=== Task ===
An exact transcription of all the data is the expected reply.

** Opening Data shown block **

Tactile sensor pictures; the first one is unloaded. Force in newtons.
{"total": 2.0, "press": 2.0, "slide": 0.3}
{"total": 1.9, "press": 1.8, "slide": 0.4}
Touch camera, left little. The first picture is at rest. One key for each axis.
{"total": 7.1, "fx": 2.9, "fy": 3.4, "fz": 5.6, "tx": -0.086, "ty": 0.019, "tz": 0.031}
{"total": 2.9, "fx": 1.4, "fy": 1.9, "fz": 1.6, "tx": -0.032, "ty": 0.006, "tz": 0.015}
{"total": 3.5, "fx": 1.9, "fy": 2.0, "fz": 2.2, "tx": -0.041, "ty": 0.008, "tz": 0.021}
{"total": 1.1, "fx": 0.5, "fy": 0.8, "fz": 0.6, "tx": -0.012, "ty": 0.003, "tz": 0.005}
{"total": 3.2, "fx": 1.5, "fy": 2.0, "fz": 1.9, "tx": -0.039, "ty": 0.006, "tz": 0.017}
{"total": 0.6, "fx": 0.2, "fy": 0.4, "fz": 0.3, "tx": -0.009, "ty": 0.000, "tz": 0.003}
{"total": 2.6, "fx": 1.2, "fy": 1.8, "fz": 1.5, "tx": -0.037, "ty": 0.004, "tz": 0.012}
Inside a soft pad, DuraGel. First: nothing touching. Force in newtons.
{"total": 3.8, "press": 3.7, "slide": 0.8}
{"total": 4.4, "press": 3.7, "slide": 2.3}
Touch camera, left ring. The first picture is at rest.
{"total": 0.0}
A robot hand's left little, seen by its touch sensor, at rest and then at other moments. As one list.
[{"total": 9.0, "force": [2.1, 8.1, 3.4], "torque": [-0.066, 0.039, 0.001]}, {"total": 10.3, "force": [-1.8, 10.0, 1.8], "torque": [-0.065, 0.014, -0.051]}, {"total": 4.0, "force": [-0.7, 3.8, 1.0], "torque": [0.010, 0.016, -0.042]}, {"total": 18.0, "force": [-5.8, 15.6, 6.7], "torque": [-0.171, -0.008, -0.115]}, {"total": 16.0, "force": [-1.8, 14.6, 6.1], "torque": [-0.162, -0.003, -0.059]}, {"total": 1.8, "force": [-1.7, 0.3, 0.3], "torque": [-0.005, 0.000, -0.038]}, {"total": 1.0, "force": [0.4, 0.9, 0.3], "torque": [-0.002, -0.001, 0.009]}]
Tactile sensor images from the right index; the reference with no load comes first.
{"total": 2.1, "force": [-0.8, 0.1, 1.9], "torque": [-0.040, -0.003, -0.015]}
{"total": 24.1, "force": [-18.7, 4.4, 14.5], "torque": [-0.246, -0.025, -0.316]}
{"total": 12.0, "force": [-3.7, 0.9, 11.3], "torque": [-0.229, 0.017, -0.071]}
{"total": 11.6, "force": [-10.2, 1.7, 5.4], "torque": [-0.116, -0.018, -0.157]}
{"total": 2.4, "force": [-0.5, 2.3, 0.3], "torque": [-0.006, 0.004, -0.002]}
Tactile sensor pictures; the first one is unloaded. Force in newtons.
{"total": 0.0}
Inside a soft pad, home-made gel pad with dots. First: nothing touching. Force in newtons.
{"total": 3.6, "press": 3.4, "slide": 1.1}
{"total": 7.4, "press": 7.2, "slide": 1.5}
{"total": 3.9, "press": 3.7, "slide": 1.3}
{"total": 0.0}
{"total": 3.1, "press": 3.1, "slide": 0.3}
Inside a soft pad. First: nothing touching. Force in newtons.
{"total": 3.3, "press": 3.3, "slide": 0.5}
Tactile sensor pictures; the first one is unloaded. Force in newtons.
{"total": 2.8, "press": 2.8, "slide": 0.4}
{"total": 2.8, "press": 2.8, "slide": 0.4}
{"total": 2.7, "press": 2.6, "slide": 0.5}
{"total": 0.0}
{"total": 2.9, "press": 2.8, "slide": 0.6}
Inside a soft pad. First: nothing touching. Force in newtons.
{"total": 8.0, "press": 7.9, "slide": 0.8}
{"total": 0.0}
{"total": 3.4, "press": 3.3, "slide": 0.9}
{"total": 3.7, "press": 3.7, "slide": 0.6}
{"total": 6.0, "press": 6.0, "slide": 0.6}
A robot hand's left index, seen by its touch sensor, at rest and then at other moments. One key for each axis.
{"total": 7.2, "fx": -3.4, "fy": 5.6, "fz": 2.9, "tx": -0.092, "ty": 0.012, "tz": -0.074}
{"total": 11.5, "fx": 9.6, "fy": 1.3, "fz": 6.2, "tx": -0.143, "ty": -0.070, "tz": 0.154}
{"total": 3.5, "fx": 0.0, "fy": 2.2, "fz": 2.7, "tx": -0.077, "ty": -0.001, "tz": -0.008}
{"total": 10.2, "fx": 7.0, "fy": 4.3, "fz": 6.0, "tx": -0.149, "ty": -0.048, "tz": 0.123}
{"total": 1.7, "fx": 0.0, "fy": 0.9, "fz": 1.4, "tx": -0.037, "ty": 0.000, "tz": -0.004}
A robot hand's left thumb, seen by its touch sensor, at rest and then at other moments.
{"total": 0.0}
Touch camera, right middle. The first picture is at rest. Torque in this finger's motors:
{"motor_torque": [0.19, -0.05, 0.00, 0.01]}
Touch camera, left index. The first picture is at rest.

** Closing Data shown block **

=== Result of the task ===
Tactile sensor pictures; the first one is unloaded. Force in newtons.
{"total": 2.0, "press": 2.0, "slide": 0.3}
{"total": 1.9, "press": 1.8, "slide": 0.4}
Touch camera, left little. The first picture is at rest. One key for each axis.
{"total": 7.1, "fx": 2.9, "fy": 3.4, "fz": 5.6, "tx": -0.086, "ty": 0.019, "tz": 0.031}
{"total": 2.9, "fx": 1.4, "fy": 1.9, "fz": 1.6, "tx": -0.032, "ty": 0.006, "tz": 0.015}
{"total": 3.5, "fx": 1.9, "fy": 2.0, "fz": 2.2, "tx": -0.041, "ty": 0.008, "tz": 0.021}
{"total": 1.1, "fx": 0.5, "fy": 0.8, "fz": 0.6, "tx": -0.012, "ty": 0.003, "tz": 0.005}
{"total": 3.2, "fx": 1.5, "fy": 2.0, "fz": 1.9, "tx": -0.039, "ty": 0.006, "tz": 0.017}
{"total": 0.6, "fx": 0.2, "fy": 0.4, "fz": 0.3, "tx": -0.009, "ty": 0.000, "tz": 0.003}
{"total": 2.6, "fx": 1.2, "fy": 1.8, "fz": 1.5, "tx": -0.037, "ty": 0.004, "tz": 0.012}
Inside a soft pad, DuraGel. First: nothing touching. Force in newtons.
{"total": 3.8, "press": 3.7, "slide": 0.8}
{"total": 4.4, "press": 3.7, "slide": 2.3}
Touch camera, left ring. The first picture is at rest.
{"total": 0.0}
A robot hand's left little, seen by its touch sensor, at rest and then at other moments. As one list.
[{"total": 9.0, "force": [2.1, 8.1, 3.4], "torque": [-0.066, 0.039, 0.001]}, {"total": 10.3, "force": [-1.8, 10.0, 1.8], "torque": [-0.065, 0.014, -0.051]}, {"total": 4.0, "force": [-0.7, 3.8, 1.0], "torque": [0.010, 0.016, -0.042]}, {"total": 18.0, "force": [-5.8, 15.6, 6.7], "torque": [-0.171, -0.008, -0.115]}, {"total": 16.0, "force": [-1.8, 14.6, 6.1], "torque": [-0.162, -0.003, -0.059]}, {"total": 1.8, "force": [-1.7, 0.3, 0.3], "torque": [-0.005, 0.000, -0.038]}, {"total": 1.0, "force": [0.4, 0.9, 0.3], "torque": [-0.002, -0.001, 0.009]}]
Tactile sensor images from the right index; the reference with no load comes first.
{"total": 2.1, "force": [-0.8, 0.1, 1.9], "torque": [-0.040, -0.003, -0.015]}
{"total": 24.1, "force": [-18.7, 4.4, 14.5], "torque": [-0.246, -0.025, -0.316]}
{"total": 12.0, "force": [-3.7, 0.9, 11.3], "torque": [-0.229, 0.017, -0.071]}
{"total": 11.6, "force": [-10.2, 1.7, 5.4], "torque": [-0.116, -0.018, -0.157]}
{"total": 2.4, "force": [-0.5, 2.3, 0.3], "torque": [-0.006, 0.004, -0.002]}
Tactile sensor pictures; the first one is unloaded. Force in newtons.
{"total": 0.0}
Inside a soft pad, home-made gel pad with dots. First: nothing touching. Force in newtons.
{"total": 3.6, "press": 3.4, "slide": 1.1}
{"total": 7.4, "press": 7.2, "slide": 1.5}
{"total": 3.9, "press": 3.7, "slide": 1.3}
{"total": 0.0}
{"total": 3.1, "press": 3.1, "slide": 0.3}
Inside a soft pad. First: nothing touching. Force in newtons.
{"total": 3.3, "press": 3.3, "slide": 0.5}
Tactile sensor pictures; the first one is unloaded. Force in newtons.
{"total": 2.8, "press": 2.8, "slide": 0.4}
{"total": 2.8, "press": 2.8, "slide": 0.4}
{"total": 2.7, "press": 2.6, "slide": 0.5}
{"total": 0.0}
{"total": 2.9, "press": 2.8, "slide": 0.6}
Inside a soft pad. First: nothing touching. Force in newtons.
{"total": 8.0, "press": 7.9, "slide": 0.8}
{"total": 0.0}
{"total": 3.4, "press": 3.3, "slide": 0.9}
{"total": 3.7, "press": 3.7, "slide": 0.6}
{"total": 6.0, "press": 6.0, "slide": 0.6}
A robot hand's left index, seen by its touch sensor, at rest and then at other moments. One key for each axis.
{"total": 7.2, "fx": -3.4, "fy": 5.6, "fz": 2.9, "tx": -0.092, "ty": 0.012, "tz": -0.074}
{"total": 11.5, "fx": 9.6, "fy": 1.3, "fz": 6.2, "tx": -0.143, "ty": -0.070, "tz": 0.154}
{"total": 3.5, "fx": 0.0, "fy": 2.2, "fz": 2.7, "tx": -0.077, "ty": -0.001, "tz": -0.008}
{"total": 10.2, "fx": 7.0, "fy": 4.3, "fz": 6.0, "tx": -0.149, "ty": -0.048, "tz": 0.123}
{"total": 1.7, "fx": 0.0, "fy": 0.9, "fz": 1.4, "tx": -0.037, "ty": 0.000, "tz": -0.004}
A robot hand's left thumb, seen by its touch sensor, at rest and then at other moments.
{"total": 0.0}
Touch camera, right middle. The first picture is at rest. Torque in this finger's motors:
{"motor_torque": [0.19, -0.05, 0.00, 0.01]}
Touch camera, left index. The first picture is at rest.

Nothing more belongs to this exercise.